Ameerega altamazonica....beats the femoralis, zaps, bassleri, pepperi, terribilis, etc. Unbelievably loud!


----------



## botanyboy03 (Apr 18, 2009)

Stem- Who else is calling in the background? I recognize the call but cant for the life of me think of who it is.

The only thing I have calling yet is an azureiventris, which just started a week ago. I have 2 which came OOW in October, and one in August, and I noticed this morning it isnt the August one calling, so maybe the biggest one is a female( Let's hope it is, Kat has great frogs though). I couldn't isolate the male this morning though. Could hear him, just couldn't spot him. So that means around 4 month calling. It's kinda weak, and he usually calls at lights on, and right after lights out.


----------



## RarePlantBroker (Aug 3, 2008)

My Leuc's, Vittatus, and Imitator's are pretty loud, but hands down the winners around here are my SI Anthonyi. I can hear them across the house in a room with the door closed and a fan running.... At least they've stopped calling at 4 in the morning....


----------



## Boondoggle (Dec 9, 2007)

I used to think my leucs were loud, but now I can't hear them over my SI Anthonyi.


----------



## Azurel (Aug 5, 2010)

Cool thread to bad there are not more videos of calling.....I will have to get one of my R.veraderos....This male I have is desperate for some attention, I can here him up the stairs laying in bed on the second floor. The viv has a 6"x1" vent so not that big and he calls all day. I can hear him over a 3 and 4 years old fighting and that gets loud. 

I have some R. variabilis coming will be interesting to see a comparison.....

But when it comes to loud although not a dart my Gray Tree Frogs take the cake.


----------



## Pumilo (Sep 4, 2010)

kyle1745 said:


> Allobates zaparo, and Bassleri, will wake the dead.

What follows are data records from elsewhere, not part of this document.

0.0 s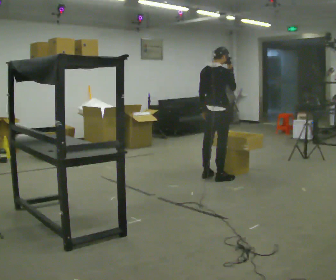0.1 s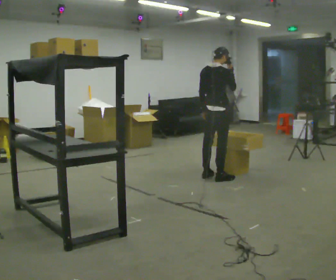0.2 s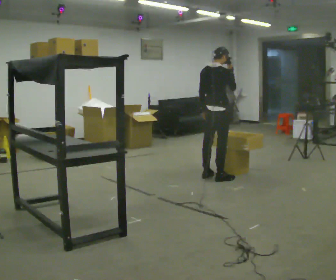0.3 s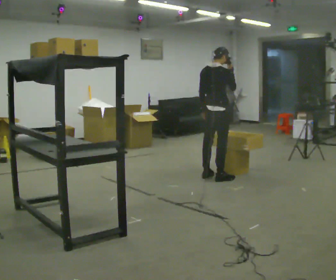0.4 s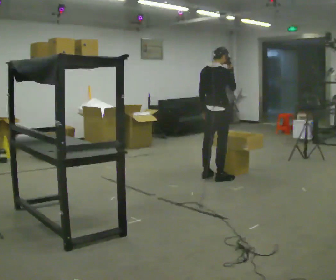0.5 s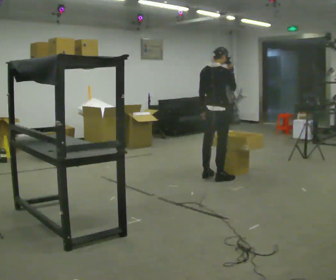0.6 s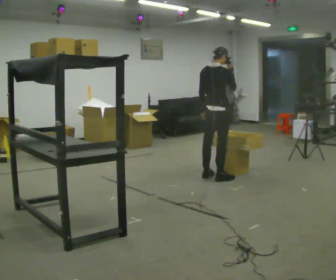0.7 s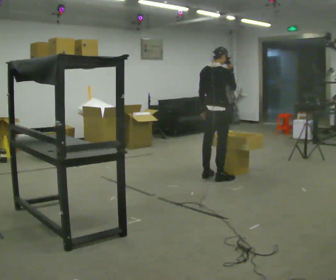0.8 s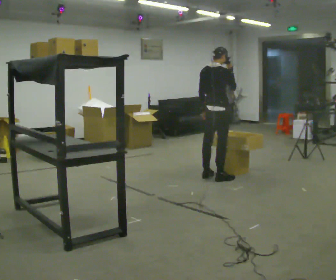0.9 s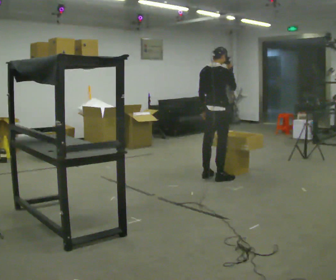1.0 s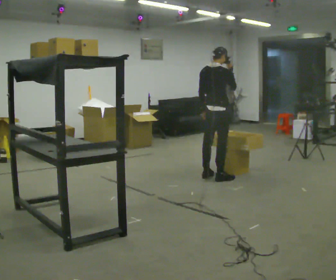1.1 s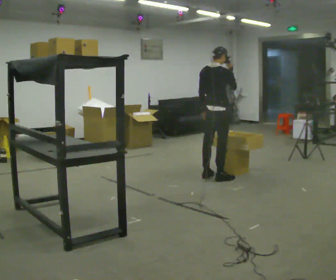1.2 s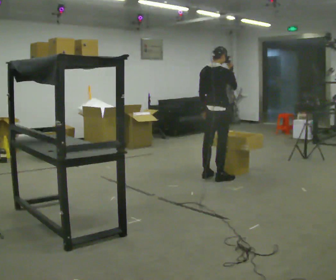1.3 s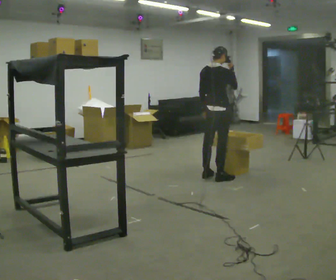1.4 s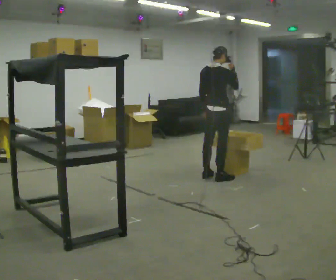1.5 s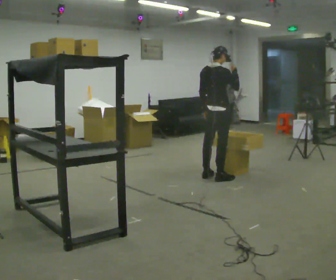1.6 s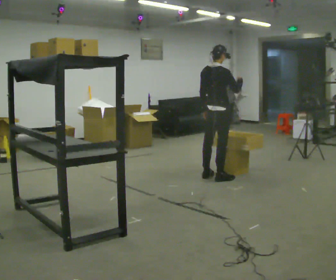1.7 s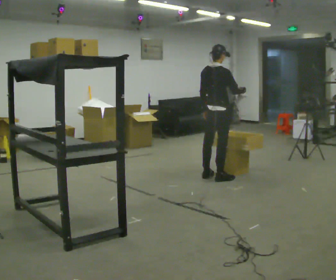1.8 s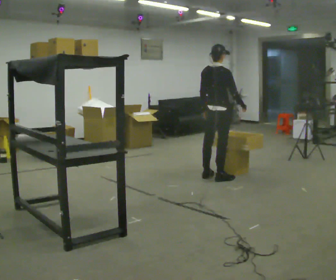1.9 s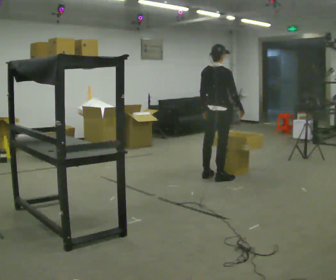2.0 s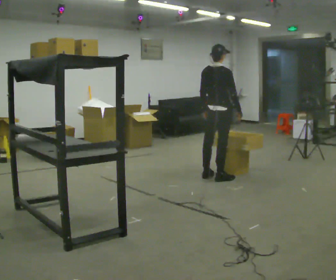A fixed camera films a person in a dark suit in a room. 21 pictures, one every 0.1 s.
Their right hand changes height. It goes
downward.
0.0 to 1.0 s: The person keeps their place and pose.
1.0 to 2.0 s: In the picture their right hand goes downward.
The film runs backward here.

I used to breed Allobates Zaparo. Back then it was Epipidobates Zaparo. The frog room was downstairs, behind a closed door. The Viv had no vents at all. We could hear them quite plainly over the TV set! Sounded like rusty bedsprings. I had 3 males fighting for the attention on one female. Definitely the loudest dart I've ever heard!
Doug


----------



## stemcellular (Jun 26, 2008)

I keep both Zaparo and Femoralis, all species of Phyllobates, and a number of ameerega (bassleri, pepperi) and still nothing comes close to A. altamazonica.


----------



## ggazonas (May 11, 2008)

Sometimes even if a frog isn't so loud but persistant it can make them seem loud er


----------



## stemcellular (Jun 26, 2008)

pitch is also important, the altas have a very high call


----------



## salix (Mar 28, 2008)

Mr. Bronze said:


> On the other hand they do have some kind of substance on their skin so predators won't eat them similar to dart frogs. I have test this with Oscar and Arawana fish I had in the past. Both fish swallowed the Coqui treat and rejected about 2 seconds later, both Coqui unharmed, both fish recognized Coqui and never attempted to taste a Coqui again.


You purposely attempted to feed your live frogs to your fish? 

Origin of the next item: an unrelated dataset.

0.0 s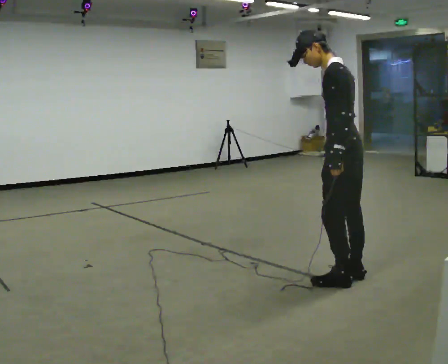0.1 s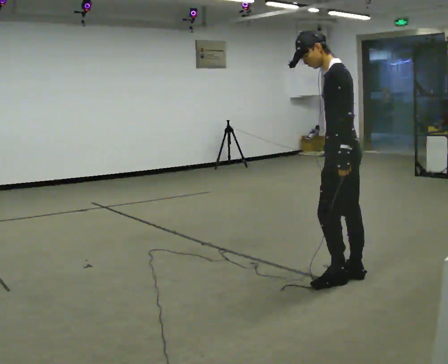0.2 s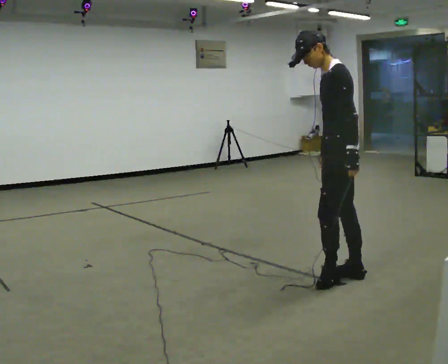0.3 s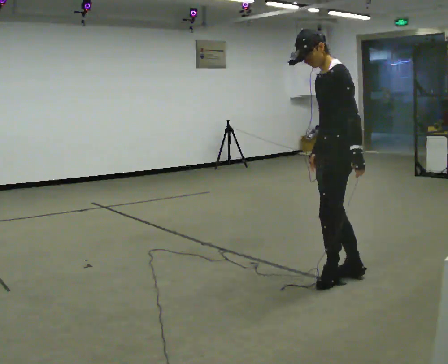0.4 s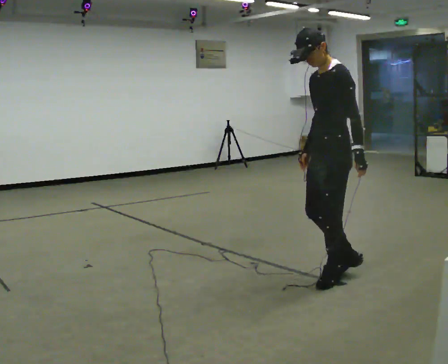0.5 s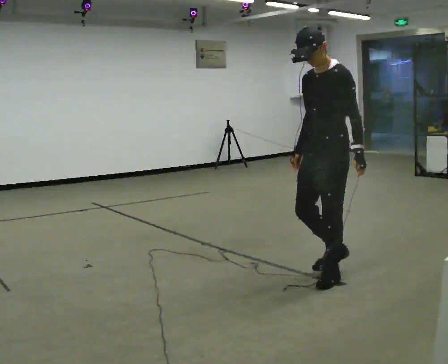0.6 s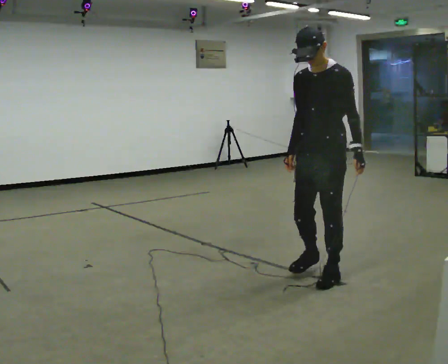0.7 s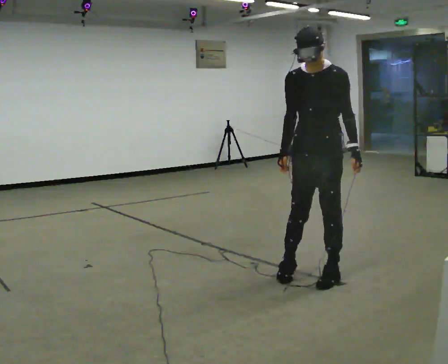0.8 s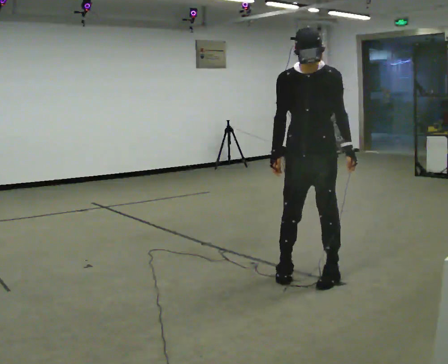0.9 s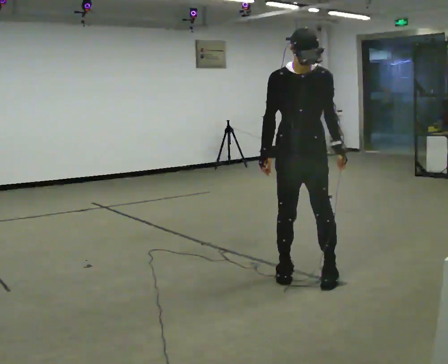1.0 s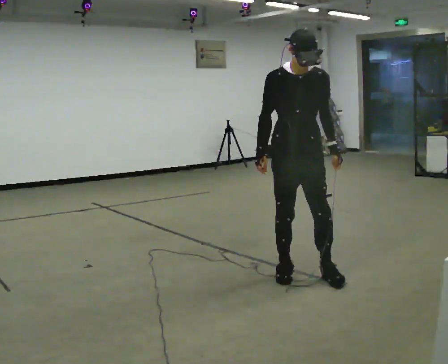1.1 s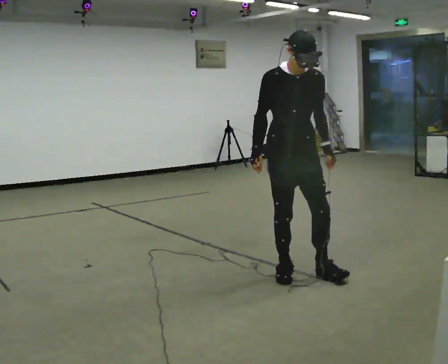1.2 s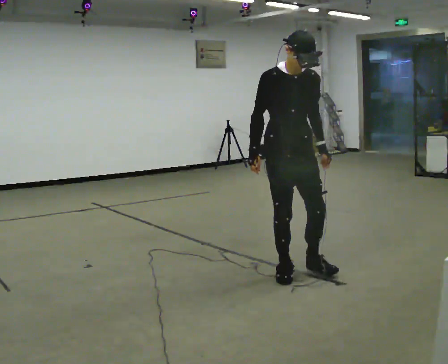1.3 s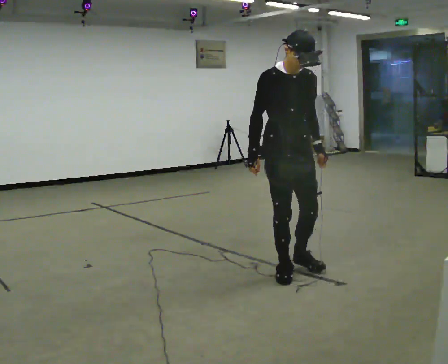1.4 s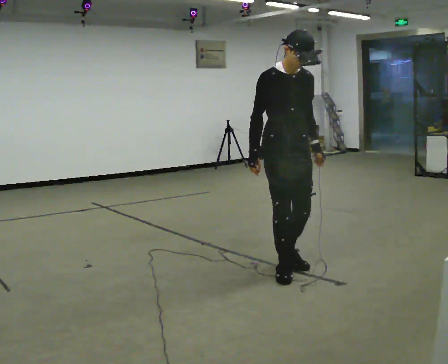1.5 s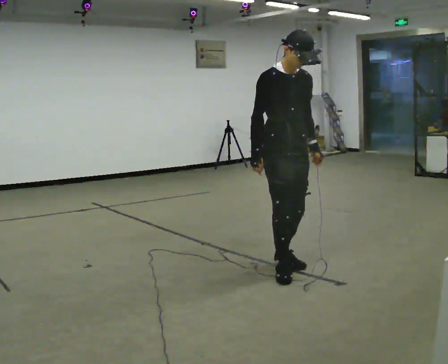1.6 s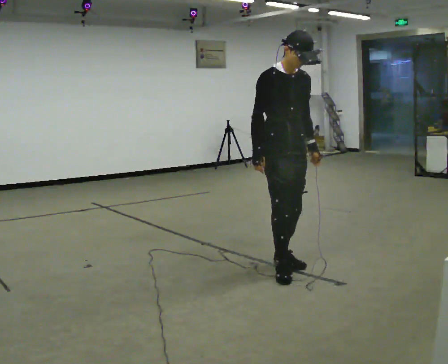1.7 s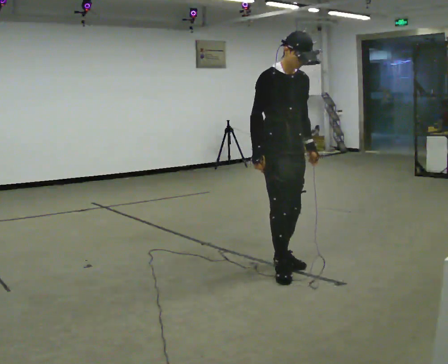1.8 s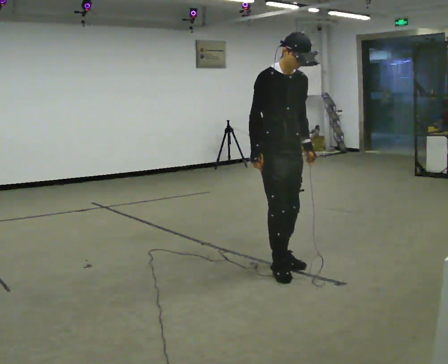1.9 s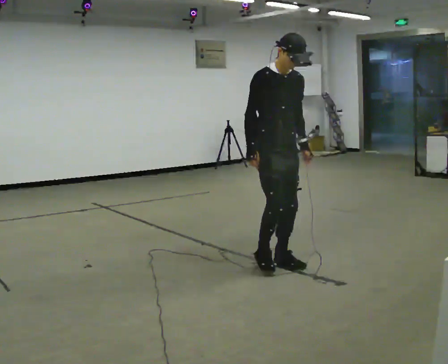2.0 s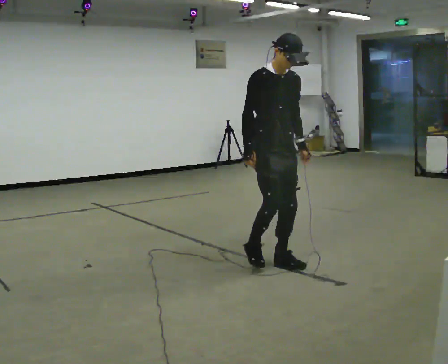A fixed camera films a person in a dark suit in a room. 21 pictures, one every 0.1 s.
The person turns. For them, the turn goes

Sometimes when I am out in the frog room feeding, my mint & orange terribs and my bicolors all get going at the same time. They are on three different racks around the room and it sounds like an old "battle of the bands".

The good news, I usually have a clutch from each the next day! 

Deb


----------



## DCreptiles (Jan 26, 2009)

trivs and tri colors by far have been the loudest i have kept. both have woken me up and their kept in a completely different room and when they call it sounds like their right next to me. they trump my leuc, and solarte hands down.


----------



## Scott (Feb 17, 2004)

Did someone hear something? I could've sworn someone posted - but I cannot hear them.

s


----------



## Jarhead_2016 (Jan 7, 2010)

I have A. Pepperi "Abiseo" and i say that they are on par with bassleri
-scotty


----------



## Jarhead_2016 (Jan 7, 2010)

IMO my variabilis calling is the quietest frog i have its barely audible and atm i dont have any tincs so its gotta be my quietest frog and my pepperi are my loudest
-scotty


----------



## botanyboy03 (Apr 18, 2009)

scottydo said:


> IMO my variabilis calling is the quietest frog i have its barely audible and atm i dont have any tincs so its gotta be my quietest frog and my pepperi are my loudest
> -scotty



I agree on the variabilis. I just got calling out of my trio in the past few days( just picked them up on Saturday) and I can barely hear him call from a few feet away. I do have most of the front vents covered on the zoomed to prevent FFs excaping so much, and to cut down on loss of humidity though.

Zac


----------



## Pacblu202 (May 8, 2012)

I heard something this morning and it happened to be my variabilis. Could barely tell standing right by them, my leuc can be obnoxiously loud when he knows I'm sleeping


----------



## thedude (Nov 28, 2007)

After I got pepperi my dad thought I got birds...


----------



## AzureusRBoss (Sep 3, 2013)

I've read vanzos have a loud call but I never hear my male call so how loud is it really?


----------



## VicSkimmr (Jan 24, 2006)

I can hear my imitators (which are upstairs) from our living room which is down one floor and all the way across the house. My male has some vocal cords on him. I can't compare to much else but they're pretty damn loud.


----------



## rigel10 (Jun 1, 2012)

My Solarte male is loudest than other pumilio that I have (and loudest than my epips Highland). Almirante sing longer (up to a minute and a half): let's say it is a baritone. Popa have the most beautiful call, IMO.


----------



## Robert.hallam (Oct 26, 2012)

Ive been waiting to hear my leucs when theyre old enough but so far NOTHING gives santa isabela tricolors a run for their money, i can hear them from my basement and they are 2 floors above. I hear them from outside my house before i even open the door haha terribilis can be pretty loud as well


----------